Give back every line of the material below that has the string "color".

═══ Source records ═══

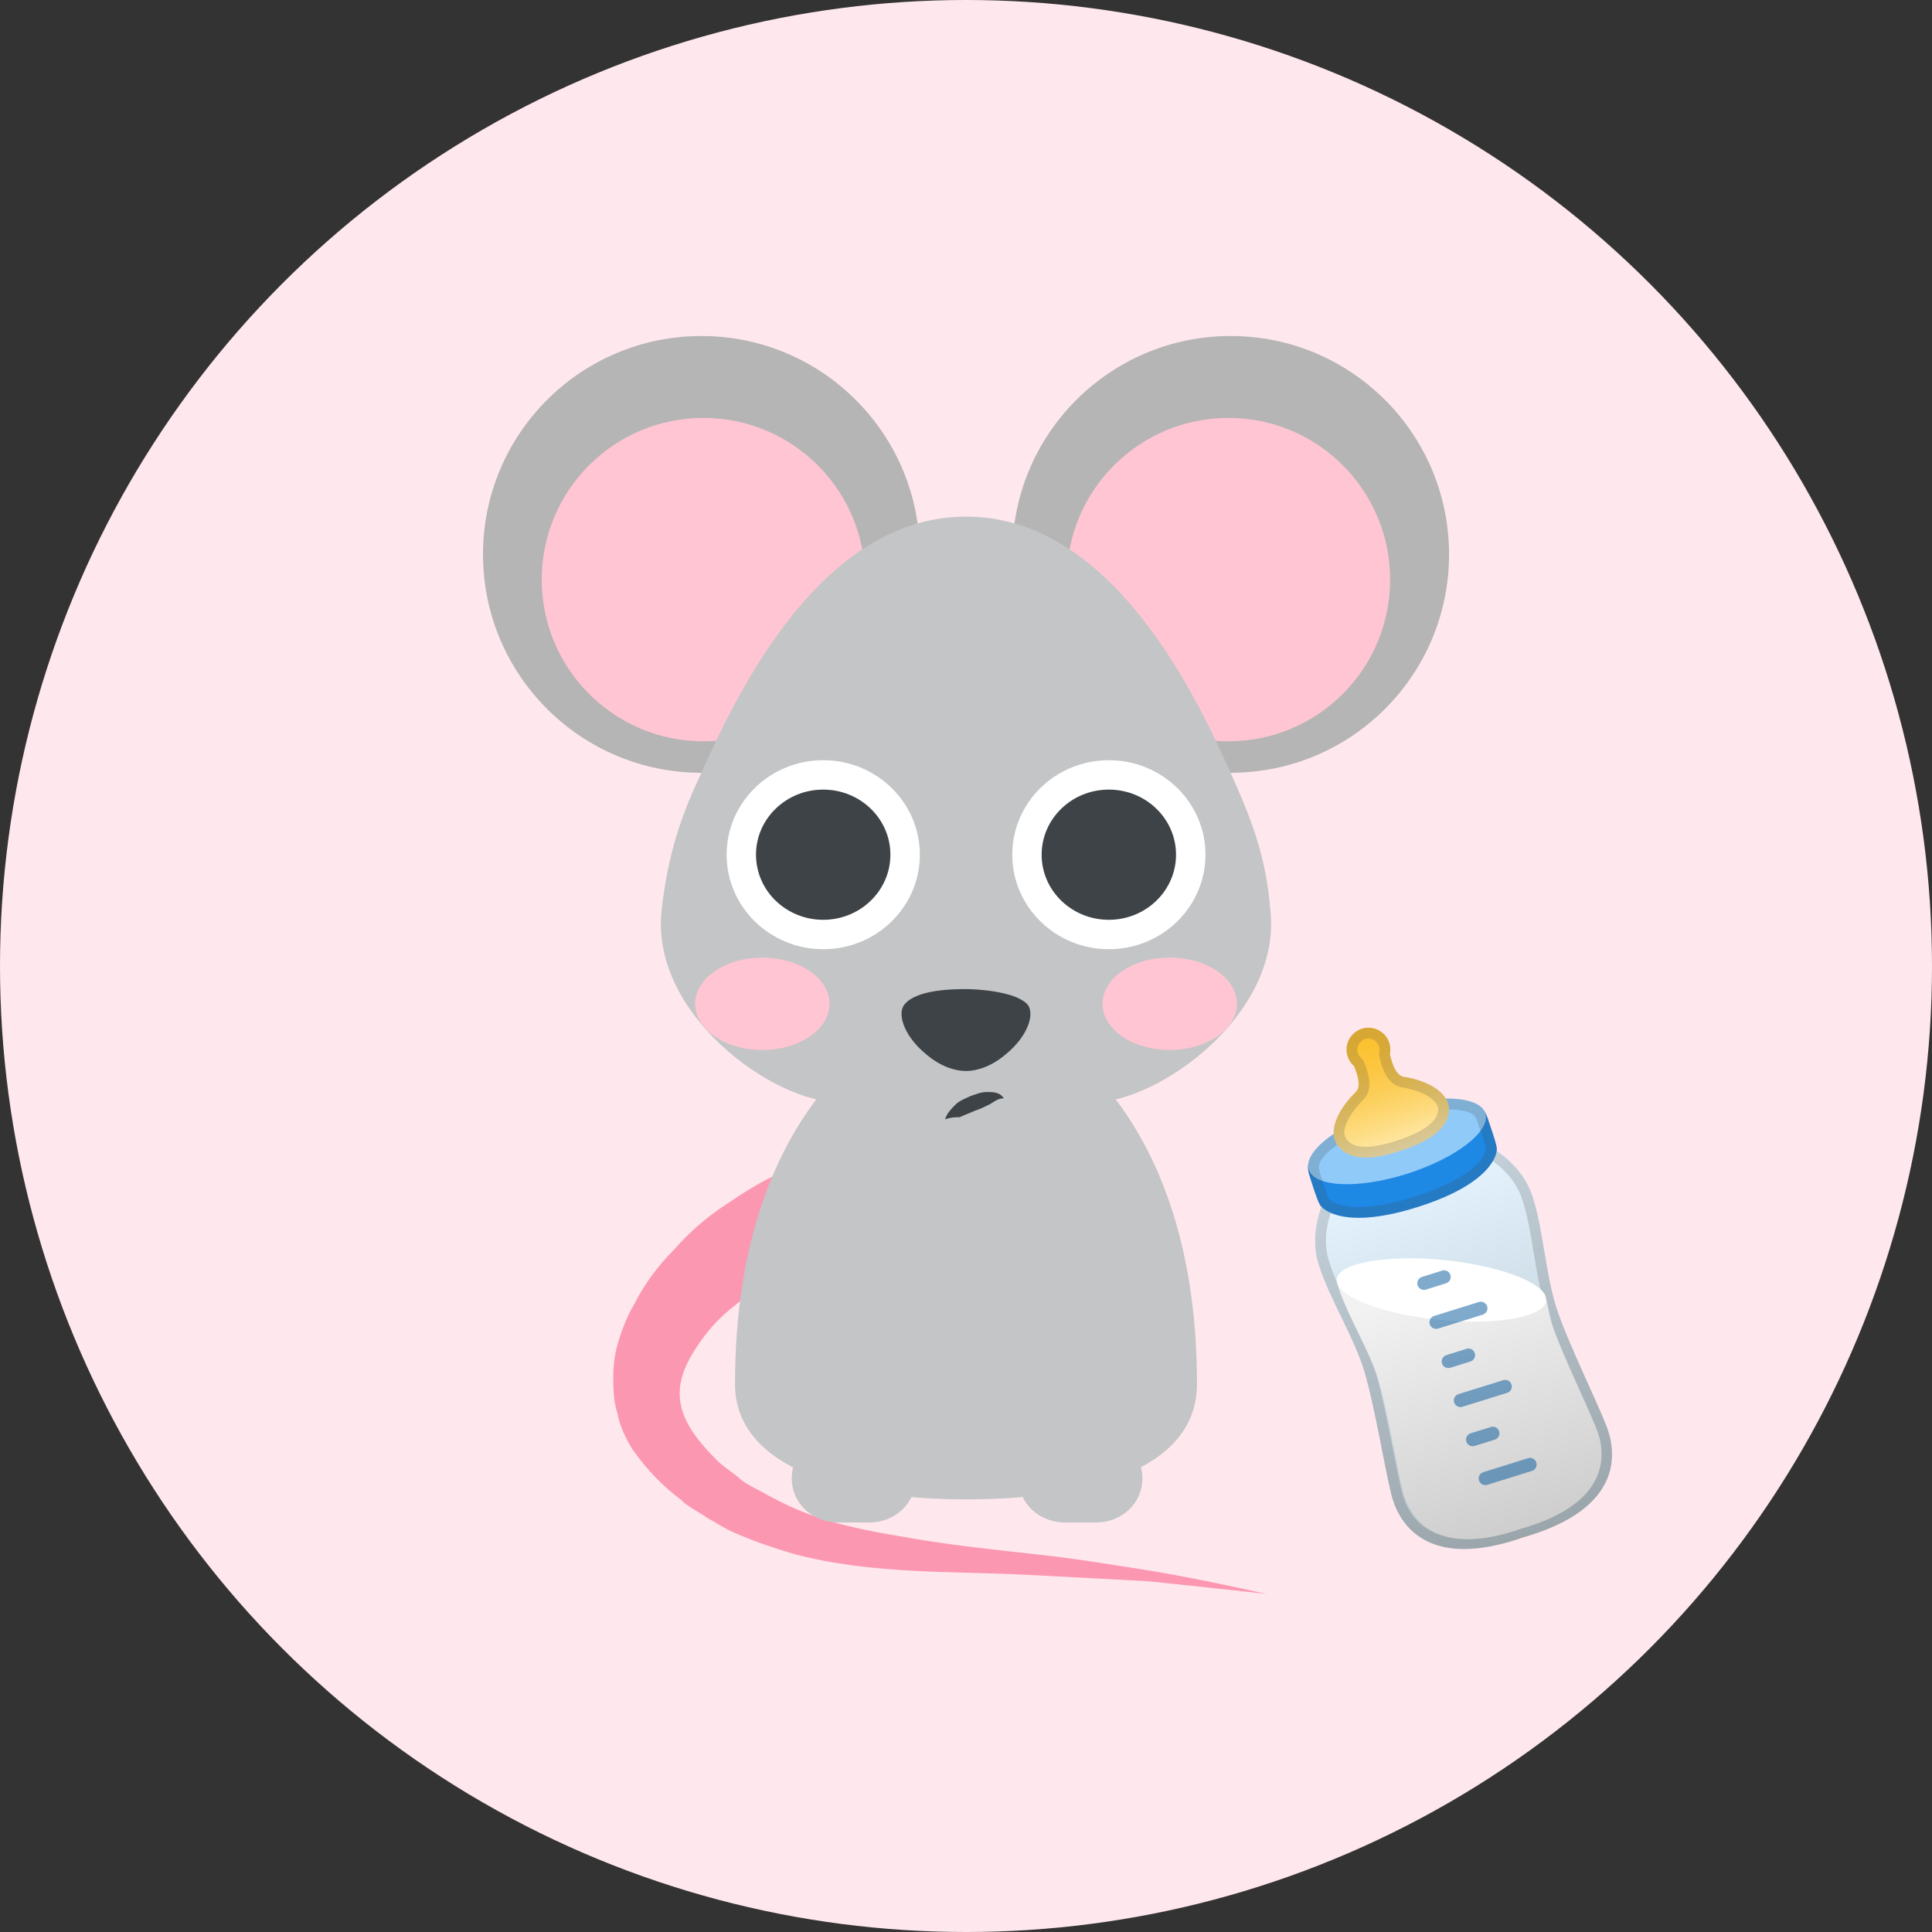 <svg width="230" height="230" viewBox="0 0 230 230" fill="none" xmlns="http://www.w3.org/2000/svg">
<rect x="0" y="0" width="230" height="230" fill="#333333" stroke="none"/>
<circle cx="115" cy="115" r="115" fill="#FFE8ED"/>
<path d="M97.258 150C95.508 150.5 93.508 151.5 91.758 152.5C90.008 153.5 88.258 154.75 86.758 156C85.258 157.25 84.008 158.75 83.008 160.25C82.008 161.75 81.258 163.25 81.008 164.75C80.758 166.25 81.008 167.75 81.758 169.25C82.508 170.75 83.758 172.25 85.258 173.75C86.008 174.5 86.758 175 87.758 175.75C88.508 176.5 89.508 177 90.508 177.5C92.258 178.5 94.258 179.5 96.258 180.25C100.258 181.75 104.758 182.5 109.258 183.25C113.758 184 118.508 184.5 123.008 185C127.758 185.5 132.258 186.25 137.008 187C141.508 187.75 146.258 188.75 150.758 189.75C146.258 189.25 141.508 188.75 136.758 188.25C132.008 188 127.508 187.75 122.758 187.5C118.008 187.25 113.508 187.25 108.758 187C104.008 186.75 99.258 186.25 94.508 185C92.008 184.25 89.758 183.5 87.508 182.5C86.258 182 85.258 181.25 84.258 180.75C83.258 180 82.008 179.5 81.008 178.5C79.008 177 77.008 175 75.258 172.5C74.508 171.25 73.758 169.75 73.508 168.25C73.008 166.75 73.008 165.25 73.008 163.75C73.008 162.25 73.258 160.75 73.758 159.25C74.258 157.75 74.758 156.5 75.508 155.25C76.758 152.75 78.508 150.5 80.258 148.75C82.008 146.75 84.008 145 86.258 143.5C88.508 142 90.758 140.5 93.258 139.5L97.258 150Z" fill="#FC97B2"/>
<path d="M142.5 164.75C142.5 175.25 128.75 178.5 115 178.5C101.25 178.5 87.5 175 87.5 164.75C87.5 130.25 107.75 119.5 115 119.5C122 119.5 142.5 130 142.5 164.75Z" fill="#C4C5C6"/>
<path d="M109.008 176C109.008 179 106.508 181.25 103.508 181.25H99.758C96.758 181.25 94.258 179 94.258 176C94.258 173 96.758 170.75 99.758 170.75H103.508C106.508 170.75 109.008 173 109.008 176Z" fill="#C4C5C6"/>
<path d="M136 176C136 179 133.5 181.25 130.5 181.25H126.75C123.75 181.25 121.25 179 121.25 176C121.25 173 123.75 170.75 126.75 170.75H130.5C133.5 170.75 136 173 136 176Z" fill="#C4C5C6"/>
<path d="M146.508 92C160.867 92 172.508 80.359 172.508 66C172.508 51.641 160.867 40 146.508 40C132.148 40 120.508 51.641 120.508 66C120.508 80.359 132.148 92 146.508 92Z" fill="#B5B5B5"/>
<path d="M146.242 88.25C156.874 88.25 165.492 79.631 165.492 69C165.492 58.368 156.874 49.75 146.242 49.75C135.611 49.75 126.992 58.368 126.992 69C126.992 79.631 135.611 88.25 146.242 88.25Z" fill="#FFC5D3"/>
<path d="M83.5 92C97.859 92 109.5 80.359 109.5 66C109.5 51.641 97.859 40 83.5 40C69.141 40 57.5 51.641 57.5 66C57.5 80.359 69.141 92 83.5 92Z" fill="#B5B5B5"/>
<path d="M83.742 88.25C94.374 88.25 102.992 79.631 102.992 69C102.992 58.368 94.374 49.75 83.742 49.75C73.111 49.75 64.492 58.368 64.492 69C64.492 79.631 73.111 88.25 83.742 88.25Z" fill="#FFC5D3"/>
<path d="M146.498 92C142.248 82.5 132.248 61.5 114.998 61.5C97.748 61.5 87.748 82.5 83.498 92C81.248 96.75 79.498 101.5 78.748 108.5C77.498 120.75 91.998 131.25 99.998 131.25C103.748 131.25 107.748 138.5 114.998 138.5C122.248 138.5 126.248 131.25 129.998 131.25C137.998 131.25 152.498 120.75 151.248 108.5C150.748 101.75 148.748 97 146.498 92" fill="#C4C5C6"/>
<path d="M139.25 125C143.668 125 147.25 122.538 147.25 119.5C147.25 116.463 143.668 114 139.25 114C134.832 114 131.25 116.463 131.25 119.5C131.25 122.538 134.832 125 139.25 125Z" fill="#FFC5D3"/>
<path d="M90.754 125C95.172 125 98.754 122.538 98.754 119.5C98.754 116.463 95.172 114 90.754 114C86.336 114 82.754 116.463 82.754 119.5C82.754 122.538 86.336 125 90.754 125Z" fill="#FFC5D3"/>
<path d="M122.247 119.5C120.747 118 116.247 117.75 114.997 117.75C113.747 117.75 109.247 117.75 107.747 119.5C106.747 120.5 107.497 123.25 110.247 125.5C111.997 127 113.747 127.5 114.997 127.5C116.247 127.5 117.997 127 119.747 125.5C122.497 123.25 123.247 120.5 122.247 119.5Z" fill="#3E4347"/>
<path d="M98.004 113C104.355 113 109.504 107.964 109.504 101.75C109.504 95.537 104.355 90.501 98.004 90.501C91.653 90.501 86.504 95.537 86.504 101.75C86.504 107.964 91.653 113 98.004 113Z" fill="white"/>
<path d="M98 109.5C102.418 109.5 106 106.03 106 101.75C106 97.47 102.418 94 98 94C93.582 94 90 97.47 90 101.75C90 106.03 93.582 109.5 98 109.5Z" fill="#3E4347"/>
<path d="M132.008 113C138.359 113 143.508 107.964 143.508 101.75C143.508 95.537 138.359 90.501 132.008 90.501C125.657 90.501 120.508 95.537 120.508 101.75C120.508 107.964 125.657 113 132.008 113Z" fill="white"/>
<path d="M132.004 109.5C136.422 109.5 140.004 106.03 140.004 101.75C140.004 97.47 136.422 94 132.004 94C127.586 94 124.004 97.47 124.004 101.75C124.004 106.03 127.586 109.5 132.004 109.5Z" fill="#3E4347"/>
<path d="M112.5 133.25C112.75 132.5 113.25 132 113.75 131.5C114.25 131 115 130.75 115.5 130.5C116.25 130.25 116.75 130 117.5 130C118.25 130 119 130 119.5 130.75C118.75 130.75 118.25 131.25 117.75 131.5C117.25 131.75 116.75 132 116 132.25C115.5 132.5 114.75 132.75 114.25 133C113.75 133 113.25 133 112.5 133.25" fill="#3E4347"/>
<g clip-path="url(#clip0)">
<path d="M191.26 169.802C190.087 166.778 186.901 160.331 185.454 156.176C184.007 152.022 183.77 146.404 182.444 142.38C181.117 138.355 177.385 136.503 177.385 136.503L167.895 140.702L157.711 142.772C157.711 142.772 155.725 146.445 156.971 150.496C158.216 154.546 161.272 159.266 162.488 163.494C163.71 167.72 164.853 174.815 165.644 177.96C166.436 181.105 169.593 187.142 181.367 183.013C193.36 179.572 192.433 172.825 191.26 169.802V169.802Z" fill="url(#paint0_linear)"/>
<path opacity="0.2" d="M177.304 137.948C178.262 138.558 180.357 140.153 181.223 142.781C181.829 144.624 182.2 146.837 182.59 149.172C183.014 151.712 183.454 154.342 184.243 156.597C185.129 159.14 186.627 162.467 187.949 165.408C188.8 167.3 189.604 169.086 190.061 170.263C190.606 171.674 191.036 173.802 189.974 175.94C188.723 178.463 185.708 180.422 181.016 181.77L180.947 181.792C176.397 183.388 172.828 183.545 170.349 182.264C168.178 181.142 167.274 179.13 166.897 177.637C166.589 176.412 166.213 174.5 165.812 172.474C165.186 169.308 164.475 165.718 163.729 163.127C163.068 160.831 161.906 158.431 160.783 156.114C159.75 153.978 158.774 151.963 158.203 150.109C157.387 147.468 158.184 144.947 158.612 143.894L168.154 141.956C168.247 141.936 168.333 141.908 168.42 141.871L177.304 137.948V137.948ZM177.386 136.557L177.363 136.545L167.885 140.722L157.707 142.78C157.707 142.78 155.724 146.449 156.971 150.496C158.216 154.546 161.272 159.266 162.49 163.49C163.712 167.716 164.855 174.811 165.647 177.956C166.062 179.608 167.133 182.054 169.756 183.41C172.132 184.638 175.778 184.968 181.369 183.01C193.362 179.569 192.429 172.823 191.256 169.8C190.083 166.776 186.898 160.329 185.45 156.174C184.003 152.02 183.754 146.425 182.43 142.397C181.17 138.561 177.698 136.718 177.386 136.557Z" fill="#424242"/>
<path d="M177.11 133.143C176.595 131.526 175.5 131.413 174.837 131.192C174.063 130.936 165.711 133.847 165.711 133.847C165.711 133.847 157.128 136.329 156.644 136.986C156.234 137.546 155.359 138.286 155.874 139.903C156.165 140.816 156.758 142.767 157.117 143.407C157.477 144.046 160.156 146.434 168.842 143.668C177.529 140.901 178.264 137.426 178.189 136.692C178.115 135.969 177.4 134.056 177.11 133.143V133.143Z" fill="#1E88E5"/>
<path d="M167.543 139.725C173.349 137.876 177.507 134.655 176.83 132.53C176.153 130.405 170.898 130.182 165.092 132.031C159.287 133.88 155.129 137.102 155.805 139.226C156.482 141.351 161.737 141.575 167.543 139.725Z" fill="#90CAF9"/>
<path opacity="0.2" d="M175.164 132.557C175.378 132.668 175.527 132.788 175.578 132.897C175.604 132.949 175.632 132.997 175.66 133.045C175.75 133.179 175.821 133.341 175.886 133.533C175.963 133.776 176.07 134.082 176.184 134.421C176.42 135.112 176.854 136.383 176.909 136.808C176.892 136.992 176.419 139.913 168.454 142.449C162.303 144.408 159.617 143.575 158.745 143.124C158.403 142.947 158.259 142.795 158.227 142.755C157.974 142.282 157.472 140.695 157.234 139.925L157.107 139.517C157.015 139.228 156.989 138.988 157.026 138.786C157.033 138.755 157.039 138.725 157.039 138.696C157.154 137.699 159.75 135.084 165.486 133.258C170.172 131.762 173.79 131.847 175.164 132.557V132.557ZM175.755 131.415C173.813 130.411 169.626 130.587 165.092 132.031C159.876 133.692 155.999 136.46 155.761 138.546C155.688 138.919 155.706 139.362 155.878 139.905C156.169 140.818 156.762 142.77 157.122 143.409C157.23 143.6 157.544 143.946 158.157 144.262C159.607 145.012 162.747 145.612 168.846 143.67C177.527 140.905 178.268 137.428 178.193 136.695C178.117 135.965 177.406 134.054 177.114 133.136C177.011 132.812 176.882 132.548 176.739 132.329C176.553 131.963 176.219 131.655 175.755 131.415V131.415Z" fill="#424242"/>
<path d="M167.1 128.181C166.194 128.041 165.71 126.633 165.463 125.478C165.551 125.055 165.534 124.602 165.394 124.163C164.957 122.789 163.491 122.031 162.12 122.471C160.749 122.911 159.988 124.375 160.427 125.745C160.574 126.207 160.839 126.6 161.181 126.902C161.647 127.978 162.054 129.365 161.405 129.995C159.484 131.863 157.77 134.779 159.44 136.598C161.11 138.416 163.96 137.887 166.642 137.03C169.097 136.248 172.161 134.894 172.476 132.446C172.785 130 169.75 128.6 167.1 128.181V128.181Z" fill="url(#paint1_linear)"/>
<path opacity="0.2" d="M163.517 123.782C163.83 123.944 164.064 124.219 164.17 124.554C164.24 124.773 164.251 124.996 164.204 125.218C164.167 125.392 164.17 125.572 164.206 125.745C164.601 127.594 165.255 128.728 166.207 129.22C166.428 129.335 166.662 129.413 166.9 129.448C167.914 129.606 168.885 129.91 169.647 130.304C170.77 130.884 171.29 131.549 171.196 132.282C171.027 133.608 169.318 134.823 166.249 135.804C164.649 136.314 162.367 136.91 161.004 136.205C160.768 136.083 160.565 135.925 160.378 135.727C159.328 134.586 160.948 132.225 162.296 130.914C163.239 129.997 163.259 128.474 162.355 126.385C162.281 126.212 162.17 126.063 162.028 125.936C161.846 125.775 161.72 125.579 161.645 125.352C161.539 125.018 161.57 124.656 161.731 124.345C161.892 124.034 162.169 123.799 162.503 123.692C162.845 123.589 163.201 123.619 163.517 123.782V123.782ZM164.108 122.64C163.514 122.333 162.808 122.253 162.12 122.471C161.794 122.575 161.491 122.742 161.229 122.962C160.967 123.183 160.752 123.453 160.594 123.757C160.437 124.062 160.342 124.394 160.313 124.735C160.284 125.076 160.323 125.42 160.428 125.746C160.575 126.208 160.84 126.601 161.181 126.902C161.648 127.978 162.055 129.366 161.406 129.996C159.485 131.864 157.77 134.78 159.44 136.598C159.733 136.919 160.064 137.166 160.421 137.351C162.104 138.221 164.431 137.735 166.646 137.032C169.101 136.251 172.165 134.896 172.48 132.449C172.666 130.986 171.654 129.894 170.245 129.165C169.297 128.675 168.172 128.35 167.108 128.186C167.001 128.169 166.898 128.135 166.803 128.086C166.087 127.716 165.687 126.501 165.471 125.482C165.559 125.06 165.542 124.607 165.402 124.168C165.19 123.508 164.724 122.958 164.108 122.64V122.64Z" fill="#424242"/>
<path d="M190.083 170.155C189.037 167.457 186.184 161.708 184.89 158.004C184.553 157.033 184.322 155.79 184.097 154.685C183.83 156.631 178.063 157.818 171.209 157.123C164.983 156.491 159.968 154.666 159.222 152.871L159.254 153.003C160.369 156.615 163.1 160.825 164.19 164.597C165.276 168.367 166.292 174.701 166.994 177.505C167.7 180.312 170.525 185.694 181.141 181.976C191.95 178.873 191.13 172.853 190.083 170.155Z" fill="url(#paint2_linear)"/>
<path d="M159.226 152.872C159.193 152.759 159.164 152.647 159.141 152.534C159.149 152.649 159.178 152.761 159.226 152.872Z" fill="white"/>
<path d="M184.07 154.839C184.096 154.611 184.04 154.384 183.922 154.154C183.967 154.394 184.013 154.631 184.062 154.864C184.066 154.856 184.07 154.849 184.07 154.839V154.839Z" fill="white"/>
<path d="M171.214 157.124C178.067 157.82 183.799 156.812 184.067 154.866L183.927 154.157C183.021 152.4 178.087 150.641 171.991 150.019C165.104 149.315 159.348 150.34 159.13 152.302C159.124 152.38 159.126 152.459 159.135 152.536C159.164 152.647 159.191 152.763 159.22 152.874C159.973 154.667 164.99 156.489 171.214 157.124Z" fill="white"/>
<path opacity="0.5" d="M169.75 153.522L172.151 152.77C172.567 152.637 172.799 152.198 172.67 151.784C172.538 151.368 172.098 151.136 171.684 151.264L169.284 152.016C168.868 152.149 168.636 152.588 168.764 153.002C168.891 153.42 169.333 153.648 169.75 153.522Z" fill="#01579B"/>
<path opacity="0.5" d="M170.21 157.648C170.342 158.063 170.782 158.295 171.196 158.167L176.522 156.505C176.938 156.373 177.17 155.933 177.042 155.519C176.909 155.103 176.469 154.871 176.056 155L170.729 156.662C170.311 156.788 170.081 157.234 170.21 157.648V157.648Z" fill="#01579B"/>
<path opacity="0.5" d="M174.583 160.574L172.183 161.326C171.767 161.459 171.535 161.898 171.663 162.312C171.796 162.728 172.236 162.96 172.649 162.832L175.054 162.082C175.47 161.949 175.702 161.51 175.569 161.094C175.443 160.676 174.999 160.442 174.583 160.574Z" fill="#01579B"/>
<path opacity="0.5" d="M178.955 164.306L173.629 165.967C173.213 166.1 172.981 166.54 173.113 166.955C173.242 167.369 173.685 167.603 174.099 167.475L179.426 165.813C179.84 165.685 180.074 165.241 179.941 164.825C179.815 164.408 179.369 164.177 178.955 164.306Z" fill="#01579B"/>
<path opacity="0.5" d="M181.912 173.597L176.585 175.258C176.169 175.391 175.937 175.83 176.069 176.246C176.198 176.66 176.641 176.894 177.055 176.765L182.382 175.104C182.796 174.975 183.03 174.532 182.898 174.116C182.771 173.698 182.331 173.466 181.912 173.597Z" fill="#01579B"/>
<path opacity="0.5" d="M177.484 169.88L175.08 170.63C174.664 170.763 174.432 171.202 174.561 171.616C174.693 172.032 175.133 172.264 175.547 172.136L177.951 171.386C178.367 171.253 178.599 170.814 178.47 170.4C178.344 169.982 177.898 169.752 177.484 169.88V169.88Z" fill="#01579B"/>
</g>
<defs>
<linearGradient id="paint0_linear" x1="167.959" y1="140.934" x2="181.584" y2="183.71" gradientUnits="userSpaceOnUse">
<stop stop-color="#E3F2FD"/>
<stop offset="1" stop-color="#B0BEC5"/>
</linearGradient>
<linearGradient id="paint1_linear" x1="162.051" y1="122.262" x2="166.761" y2="137.051" gradientUnits="userSpaceOnUse">
<stop stop-color="#FBC02D"/>
<stop offset="0.152" stop-color="#FBC232"/>
<stop offset="0.33" stop-color="#FCC640"/>
<stop offset="0.521" stop-color="#FCCE58"/>
<stop offset="0.721" stop-color="#FDD978"/>
<stop offset="0.927" stop-color="#FEE6A2"/>
<stop offset="1" stop-color="#FFECB3"/>
</linearGradient>
<linearGradient id="paint2_linear" x1="171.869" y1="152.882" x2="181.673" y2="183.665" gradientUnits="userSpaceOnUse">
<stop stop-color="#F2F2F2"/>
<stop offset="1" stop-color="#CCCCCC"/>
</linearGradient>
<clipPath id="clip0">
<rect width="54.863" height="54.863" fill="white" transform="translate(161.09 118.966) rotate(27.334)"/>
</clipPath>
</defs>
</svg>

═══

Solution for this problem:
<stop stop-color="#E3F2FD"/>
<stop offset="1" stop-color="#B0BEC5"/>
<stop stop-color="#FBC02D"/>
<stop offset="0.152" stop-color="#FBC232"/>
<stop offset="0.33" stop-color="#FCC640"/>
<stop offset="0.521" stop-color="#FCCE58"/>
<stop offset="0.721" stop-color="#FDD978"/>
<stop offset="0.927" stop-color="#FEE6A2"/>
<stop offset="1" stop-color="#FFECB3"/>
<stop stop-color="#F2F2F2"/>
<stop offset="1" stop-color="#CCCCCC"/>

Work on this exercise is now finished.